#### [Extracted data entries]
════════════════
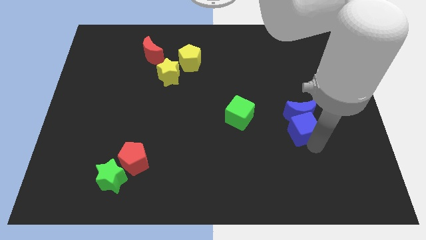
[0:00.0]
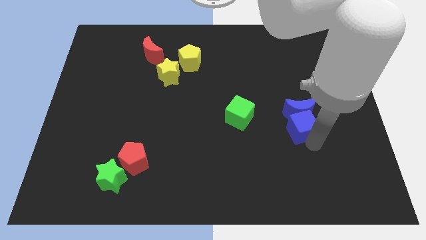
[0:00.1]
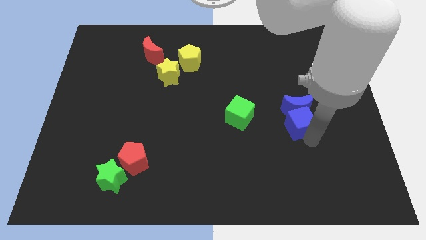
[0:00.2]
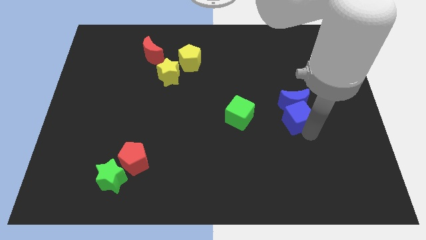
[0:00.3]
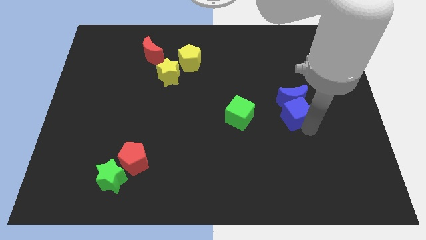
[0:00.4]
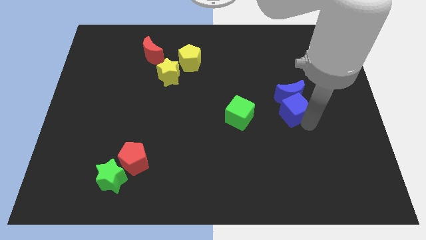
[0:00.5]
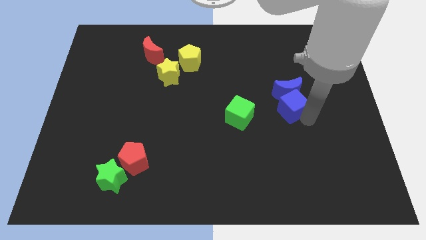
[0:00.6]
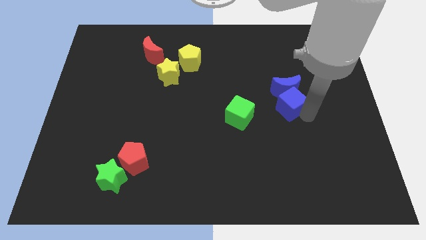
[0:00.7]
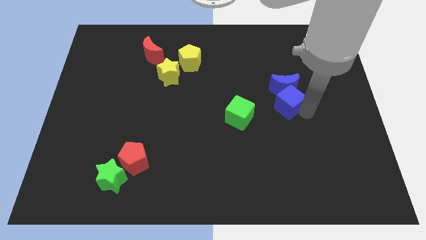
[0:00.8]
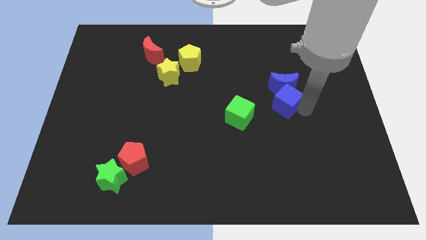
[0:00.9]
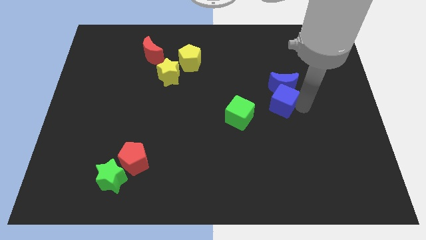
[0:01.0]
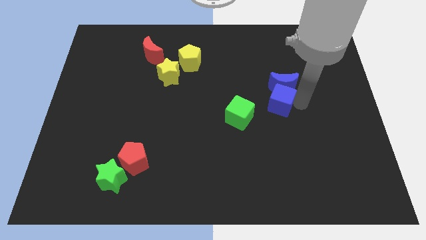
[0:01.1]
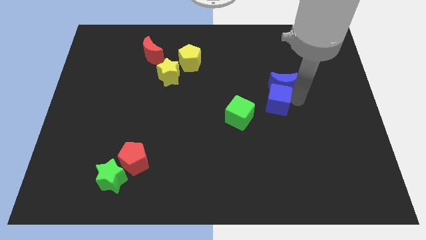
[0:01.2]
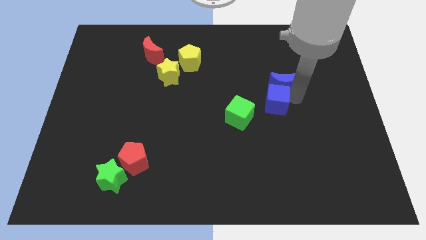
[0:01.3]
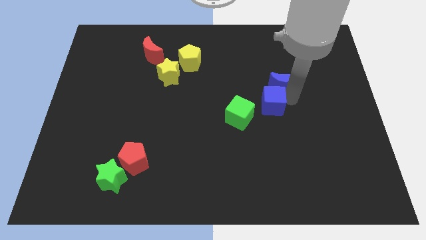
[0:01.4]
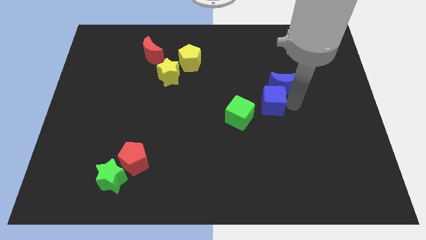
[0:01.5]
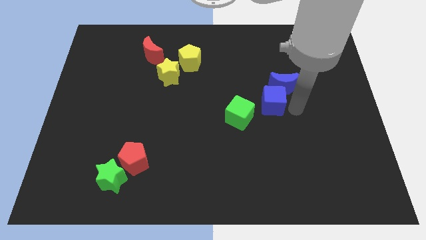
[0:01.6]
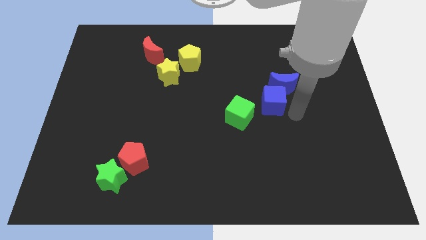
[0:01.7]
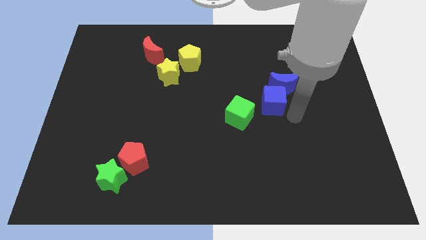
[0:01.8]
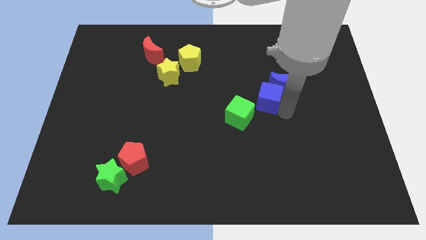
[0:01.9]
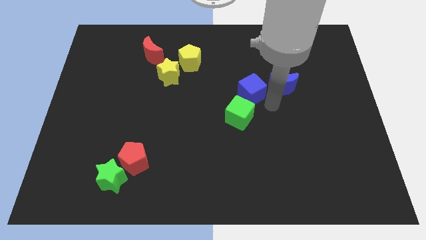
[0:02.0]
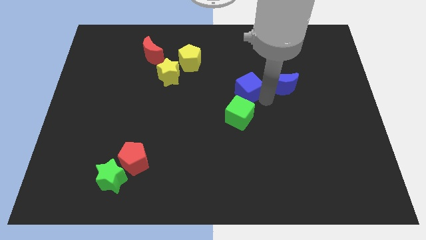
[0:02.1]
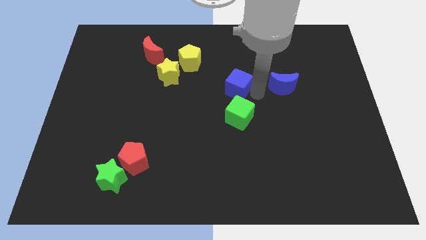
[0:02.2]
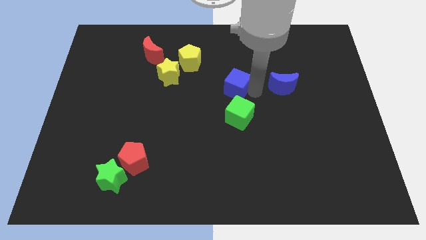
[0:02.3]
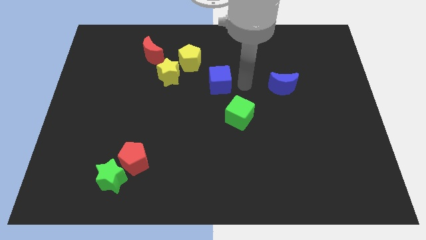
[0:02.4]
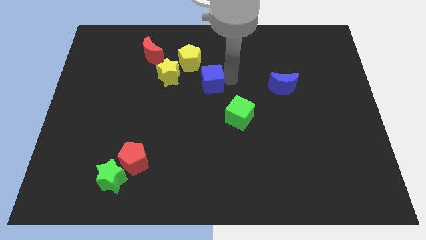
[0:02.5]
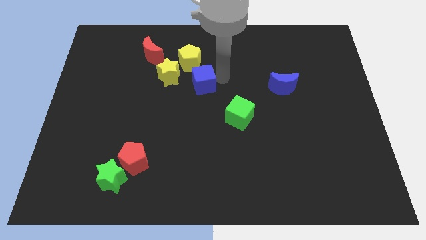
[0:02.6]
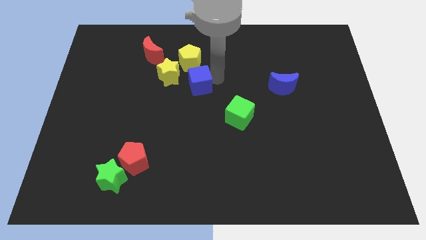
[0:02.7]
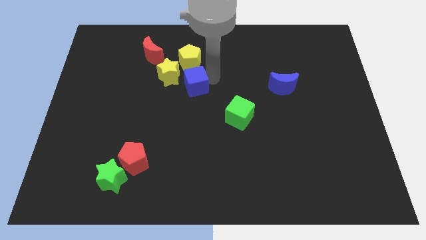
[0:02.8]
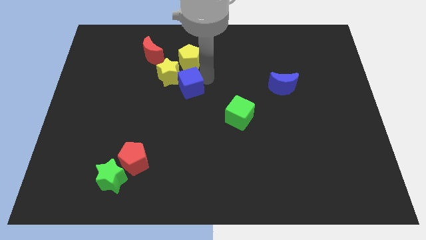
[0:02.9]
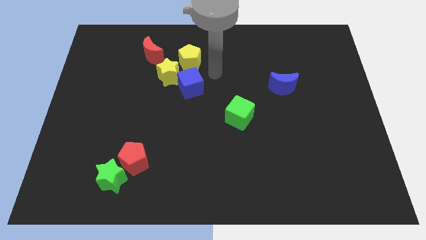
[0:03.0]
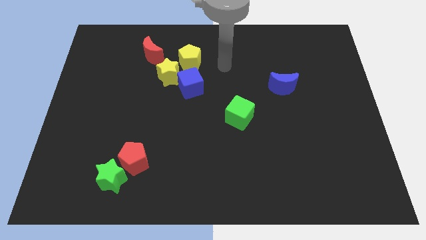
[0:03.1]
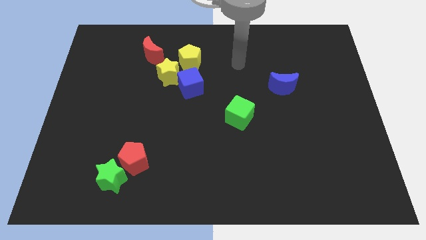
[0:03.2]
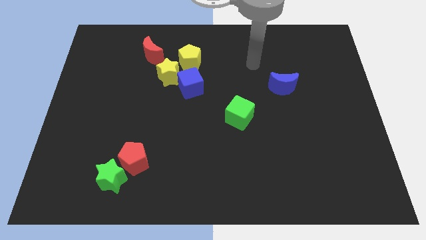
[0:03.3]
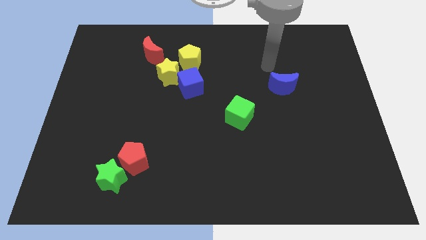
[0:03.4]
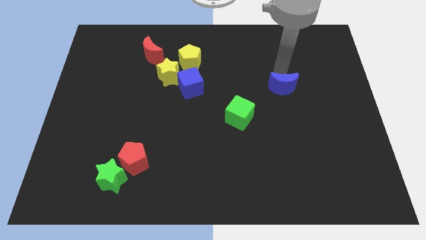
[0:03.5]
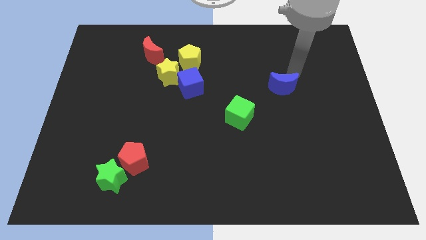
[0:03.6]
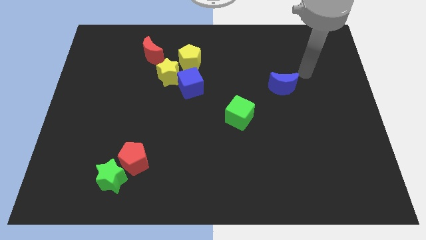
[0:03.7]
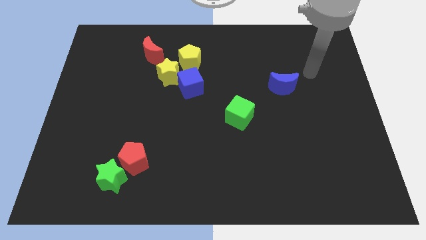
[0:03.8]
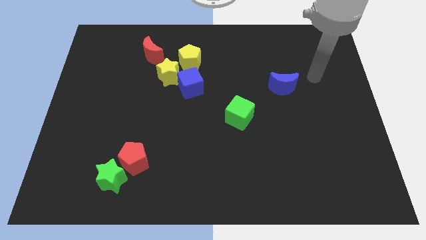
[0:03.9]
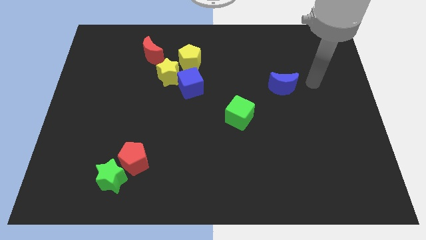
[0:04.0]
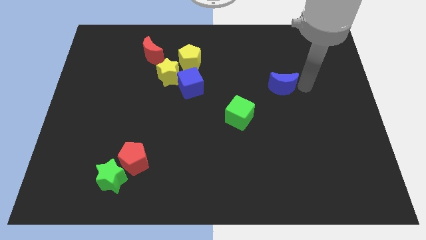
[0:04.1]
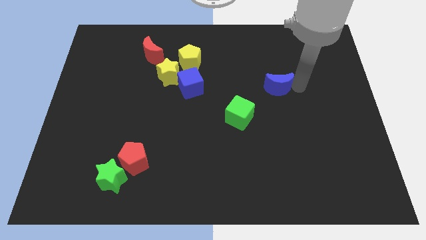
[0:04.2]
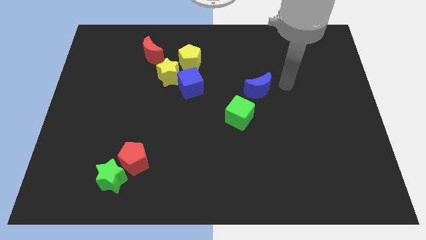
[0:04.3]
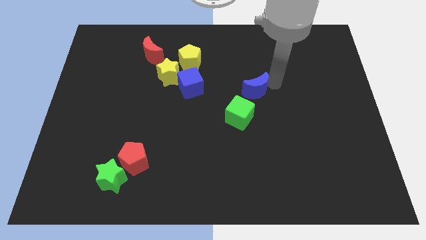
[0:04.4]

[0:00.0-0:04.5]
put the blue moon on the top of the green cube
════════════════
#### [Instructions for the task]
Exact copy, no pictures: write out all the records above.

#### [Result below]
[0:00.0]
[0:00.1]
[0:00.2]
[0:00.3]
[0:00.4]
[0:00.5]
[0:00.6]
[0:00.7]
[0:00.8]
[0:00.9]
[0:01.0]
[0:01.1]
[0:01.2]
[0:01.3]
[0:01.4]
[0:01.5]
[0:01.6]
[0:01.7]
[0:01.8]
[0:01.9]
[0:02.0]
[0:02.1]
[0:02.2]
[0:02.3]
[0:02.4]
[0:02.5]
[0:02.6]
[0:02.7]
[0:02.8]
[0:02.9]
[0:03.0]
[0:03.1]
[0:03.2]
[0:03.3]
[0:03.4]
[0:03.5]
[0:03.6]
[0:03.7]
[0:03.8]
[0:03.9]
[0:04.0]
[0:04.1]
[0:04.2]
[0:04.3]
[0:04.4]

[0:00.0-0:04.5]
put the blue moon on the top of the green cube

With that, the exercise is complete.